-- Supplied data follows --

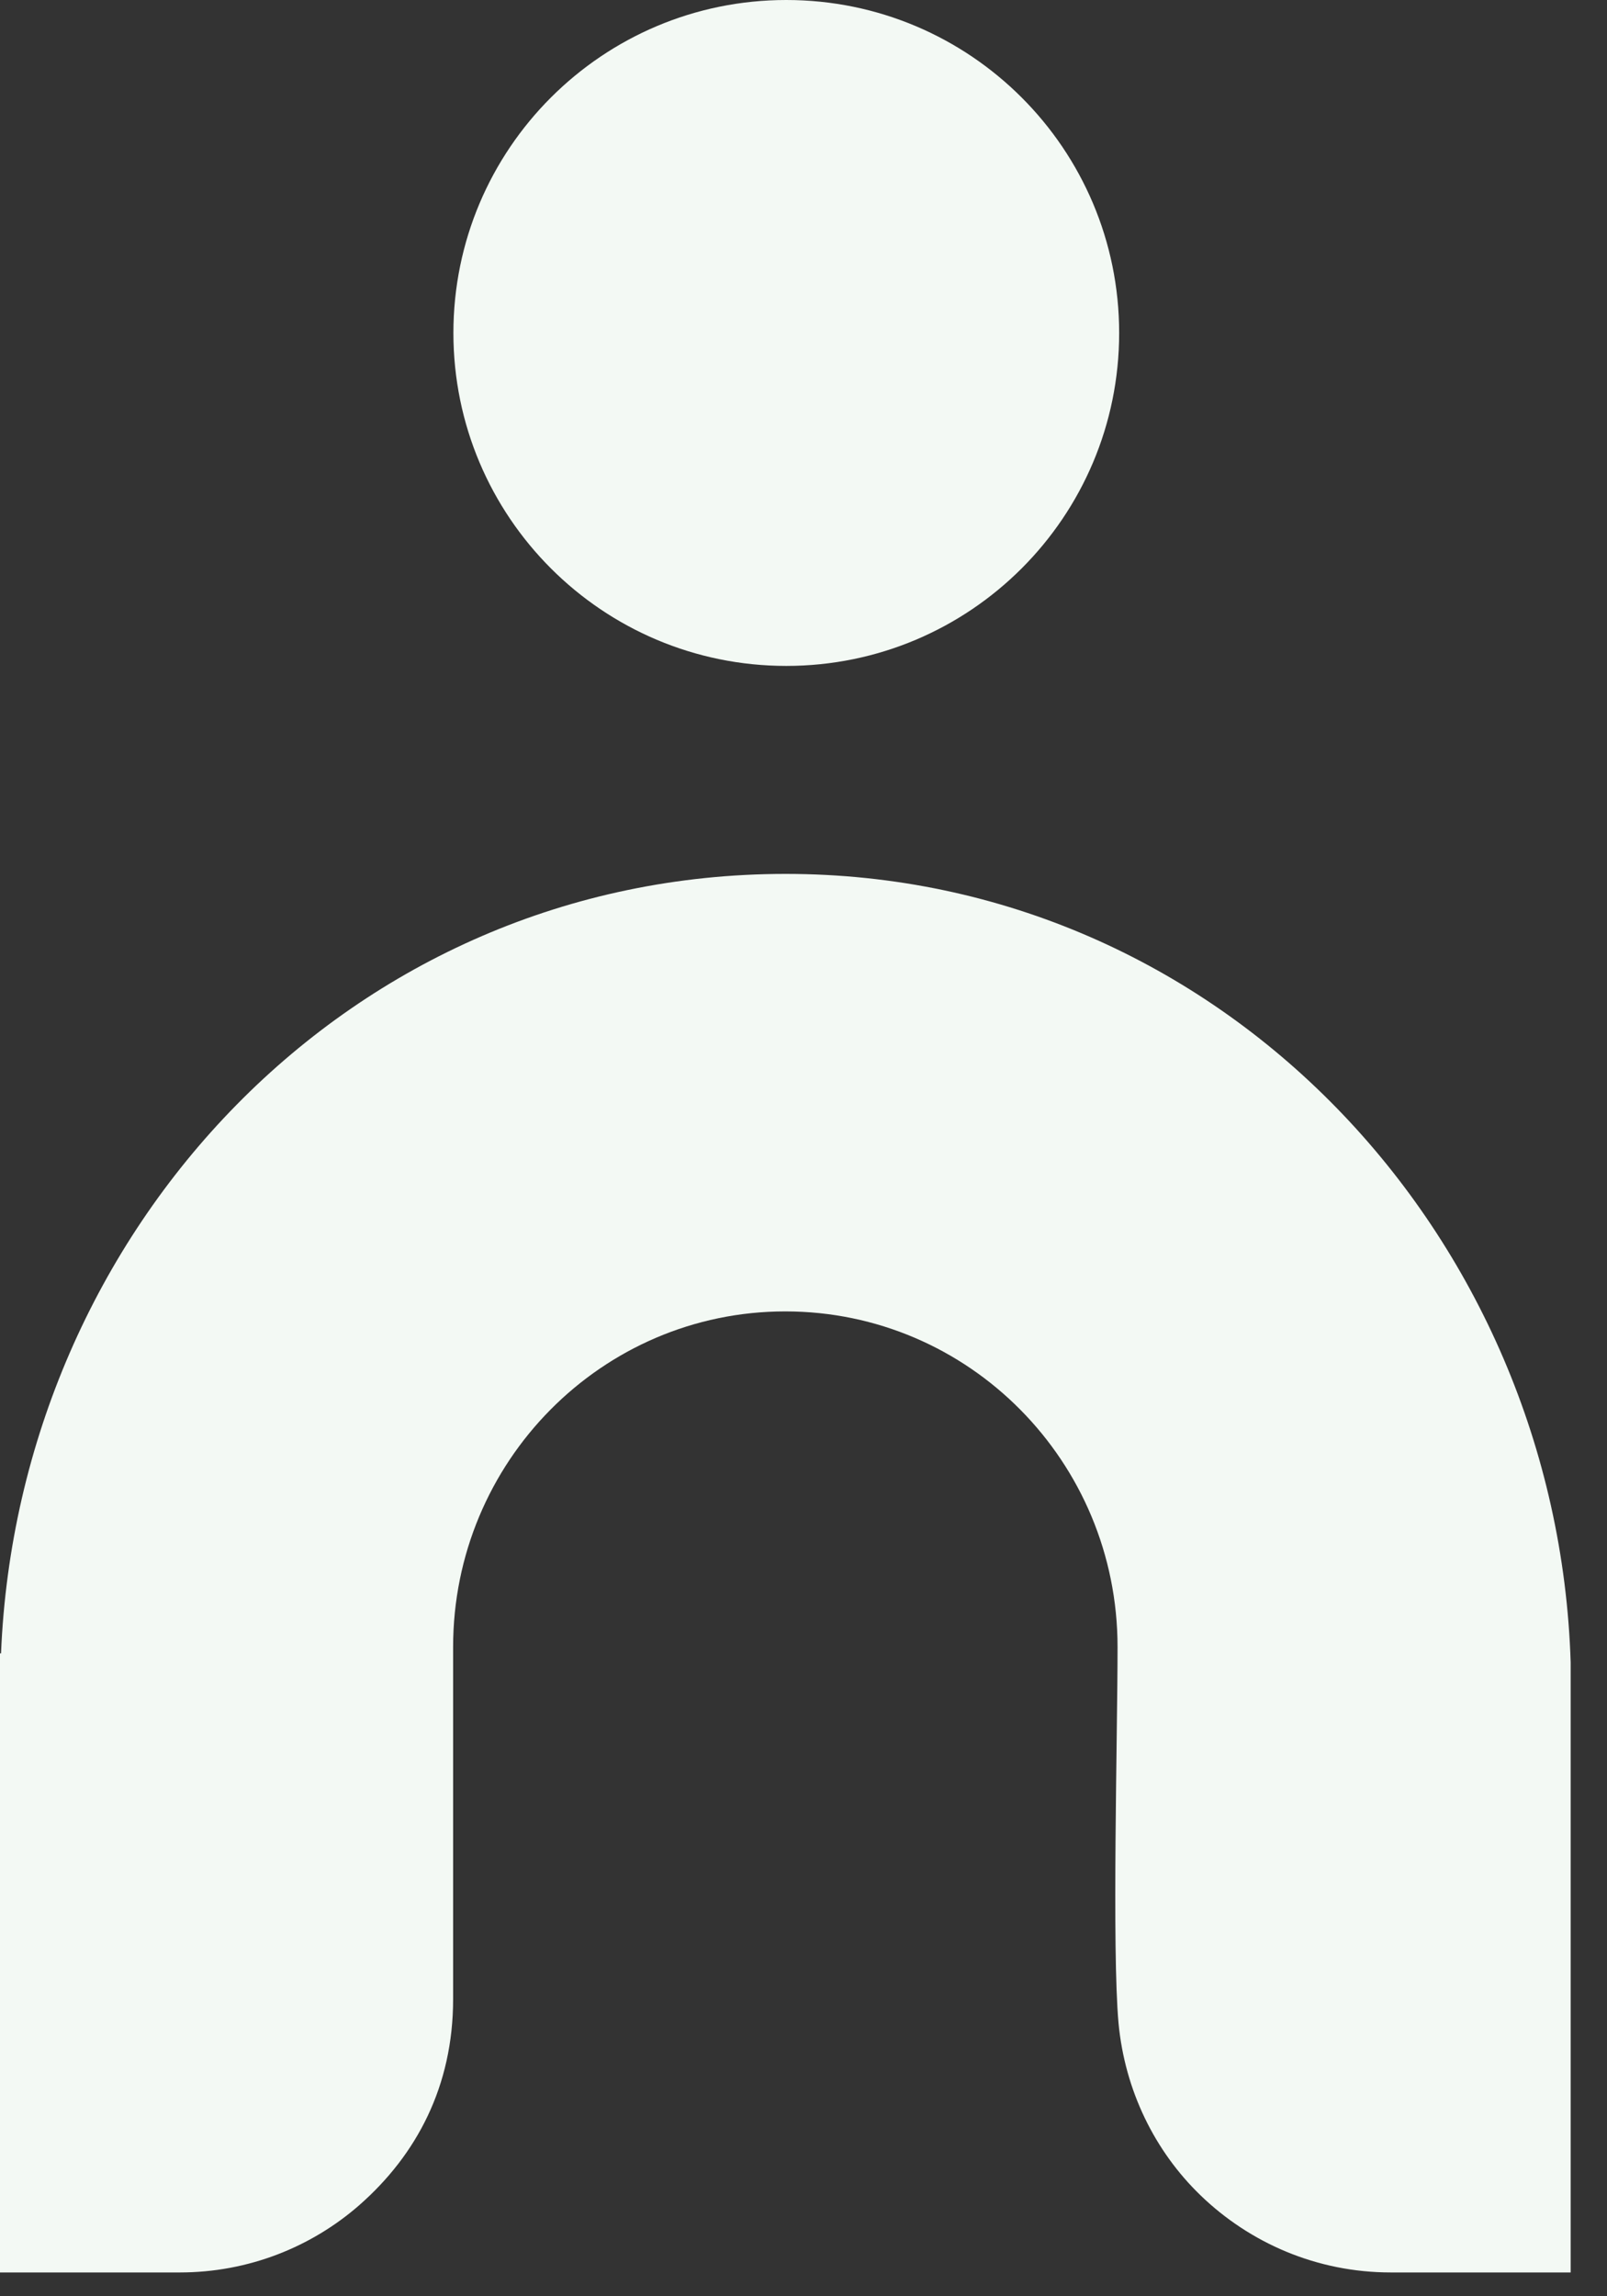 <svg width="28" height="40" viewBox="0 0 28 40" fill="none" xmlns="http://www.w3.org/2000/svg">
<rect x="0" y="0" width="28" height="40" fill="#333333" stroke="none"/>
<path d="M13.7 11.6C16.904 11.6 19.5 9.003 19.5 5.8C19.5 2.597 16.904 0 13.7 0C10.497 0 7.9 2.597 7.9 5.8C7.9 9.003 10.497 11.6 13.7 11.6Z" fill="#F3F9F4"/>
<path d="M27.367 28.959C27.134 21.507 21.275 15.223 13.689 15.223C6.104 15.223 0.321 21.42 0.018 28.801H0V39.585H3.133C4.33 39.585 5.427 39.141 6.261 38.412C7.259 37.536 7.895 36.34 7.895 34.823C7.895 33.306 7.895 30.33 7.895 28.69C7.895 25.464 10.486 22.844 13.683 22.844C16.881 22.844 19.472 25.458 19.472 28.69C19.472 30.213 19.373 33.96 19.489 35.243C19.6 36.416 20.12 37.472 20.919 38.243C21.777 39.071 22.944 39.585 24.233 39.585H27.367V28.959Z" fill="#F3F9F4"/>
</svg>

-- Supplied data concluded --

§ What is being asked:
Wherever the string "path" appears in the entries above, return the line it appears on.

§ Result below:
<path d="M13.7 11.6C16.904 11.6 19.5 9.003 19.5 5.8C19.5 2.597 16.904 0 13.7 0C10.497 0 7.9 2.597 7.9 5.8C7.9 9.003 10.497 11.6 13.7 11.6Z" fill="#F3F9F4"/>
<path d="M27.367 28.959C27.134 21.507 21.275 15.223 13.689 15.223C6.104 15.223 0.321 21.42 0.018 28.801H0V39.585H3.133C4.33 39.585 5.427 39.141 6.261 38.412C7.259 37.536 7.895 36.34 7.895 34.823C7.895 33.306 7.895 30.33 7.895 28.69C7.895 25.464 10.486 22.844 13.683 22.844C16.881 22.844 19.472 25.458 19.472 28.69C19.472 30.213 19.373 33.96 19.489 35.243C19.6 36.416 20.12 37.472 20.919 38.243C21.777 39.071 22.944 39.585 24.233 39.585H27.367V28.959Z" fill="#F3F9F4"/>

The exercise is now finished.